-- ABOUT THIS EXERCISE --
A word-for-word copy of the records is needed, with every picture left out.
··· DATA FOR ANALYSIS
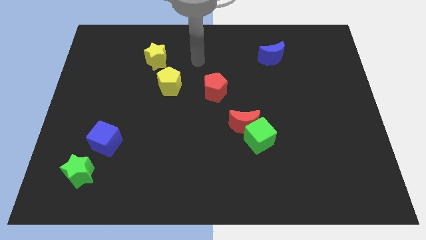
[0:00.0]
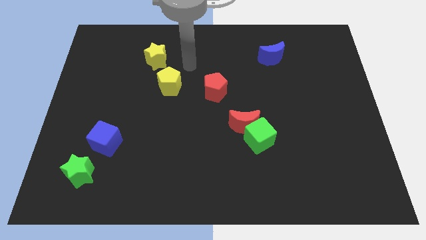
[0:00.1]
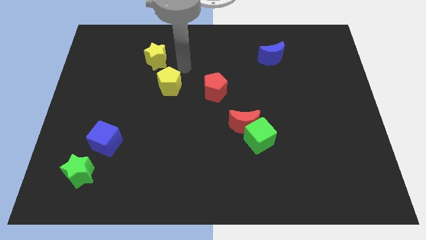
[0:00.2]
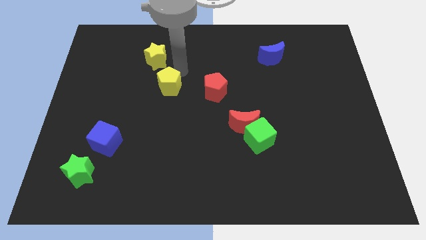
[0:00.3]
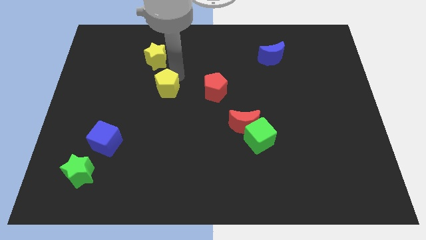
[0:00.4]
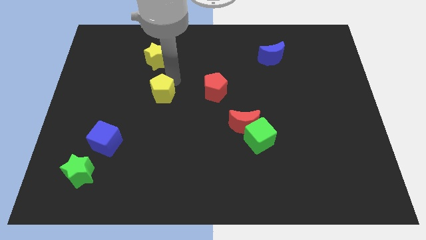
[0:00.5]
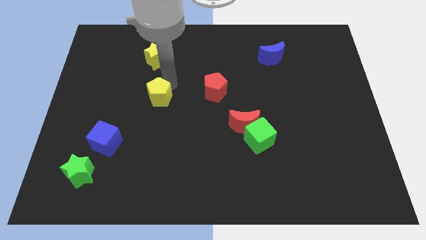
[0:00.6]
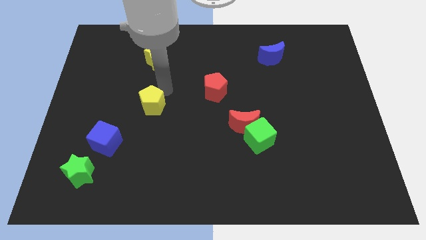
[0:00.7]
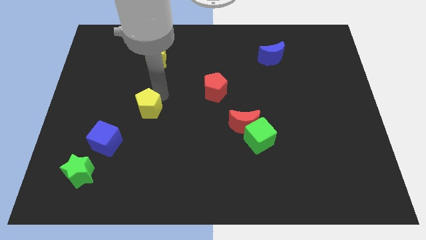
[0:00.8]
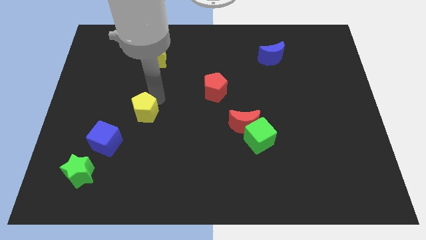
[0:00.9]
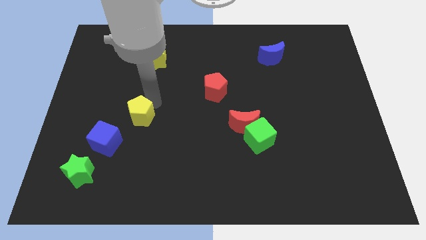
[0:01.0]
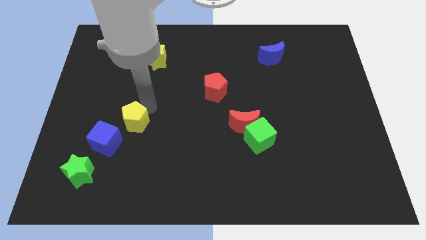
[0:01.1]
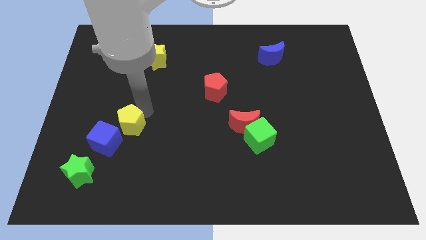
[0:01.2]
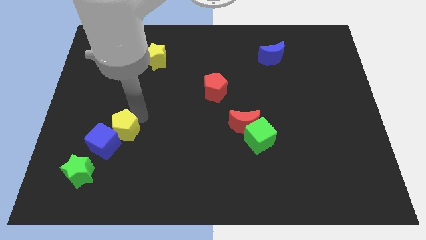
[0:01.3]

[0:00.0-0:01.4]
······
-- ANSWER BOX --
[0:00.0]
[0:00.1]
[0:00.2]
[0:00.3]
[0:00.4]
[0:00.5]
[0:00.6]
[0:00.7]
[0:00.8]
[0:00.9]
[0:01.0]
[0:01.1]
[0:01.2]
[0:01.3]

[0:00.0-0:01.4]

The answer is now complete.